The formula for genetic load tells us that the human genome cannot possibly contain that many genes. It can contain at most 20-30 thousand genes without imposing an impossible genetic load.
Nerd of Redhead, Dances OM Trolls says
Whereas this: from Encode comentaryEncode commentary.And this is a PROXY for function: from Greg Landen:
. The histone binding is PROXY for activity, not proof of activity.
Chris61, please show the paper where the PROXY for binding, and fuctionality, is shown to be actually in vivo activity and function by the normal use of the term, which is that the gene is turned on during the lifetime of the organism.
If you can’t do that, either don’t respond, or acknowledge that the information isn’t available…..
Nerd of Redhead, Dances OM Trolls says
Dang, my #20 is A mess. The definition used by ENCODE is :
This is the histone binding.
It is a proxy for activity, not proof of in-vivo activity, merely an indication of potential genetic activity, and this is a problem ENCODE can’t address.
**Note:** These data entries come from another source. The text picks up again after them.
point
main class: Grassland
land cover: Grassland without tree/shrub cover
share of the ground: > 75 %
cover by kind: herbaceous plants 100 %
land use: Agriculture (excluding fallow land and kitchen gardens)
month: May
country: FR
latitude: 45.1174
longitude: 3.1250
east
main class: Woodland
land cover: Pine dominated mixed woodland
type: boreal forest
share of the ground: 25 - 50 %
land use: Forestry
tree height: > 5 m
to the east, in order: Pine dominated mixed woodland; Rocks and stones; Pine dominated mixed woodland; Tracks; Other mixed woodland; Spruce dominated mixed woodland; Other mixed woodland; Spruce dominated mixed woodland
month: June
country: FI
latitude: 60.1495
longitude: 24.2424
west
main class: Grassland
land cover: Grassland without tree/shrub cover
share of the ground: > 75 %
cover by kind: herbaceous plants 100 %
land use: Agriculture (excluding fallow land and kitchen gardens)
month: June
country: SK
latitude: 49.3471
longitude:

So, where is the 1:1 correspondence between histone binding and secondary methods showing genetic functionality, that is the gene is expressed during the lifetime of the organism???
chris61 says
@19 PZ
If the measured mutation rate per nucleotide is 10^-10 (on average) how do you get to a mutation rate per gene of 10^-6 – 10^-5 per gene? How do you account for genetic code redundancy and the fact that mutations outside of coding sequence affect gene function? Population genetics deals with idealized genomes and idealized genes. It is a useful mathematical construct for certain purposes but it doesn’t negate the usefulness or conclusions of ENCODE any more than ENCODE challenges evolution.
@21 Nerd
As there is no term for histone binding in the genetic load equation I have no idea what you are talking about.
anym says
#22, chris61
Huh, I just did a quick look and see figures of more like 10^-8 per nucleotide, and if there about about 10^3 nucleotide pairs per gene, one might reasonably come up with a mutation rate per gene of around 10^-5. But then, I’m not a geneticist, so what do I know?
Nerd was not talking about the genetic load equation at all. Nerd was talking about ENCODE, as is quite clear from their 6-line post. A cynical person might suspect you’re being deliberately obtuse.
chris61 says
Nerd brought up the genetic load equation. And then brought up histone binding. Graur’s paper said nothing about histone binding, it was based on the concept of genetic load and whether ENCODE’s conclusions were invalidated by that concept. So I genuinely have no idea what Nerd’s talking about as it pertains to Graur’s arguments about ENCODE.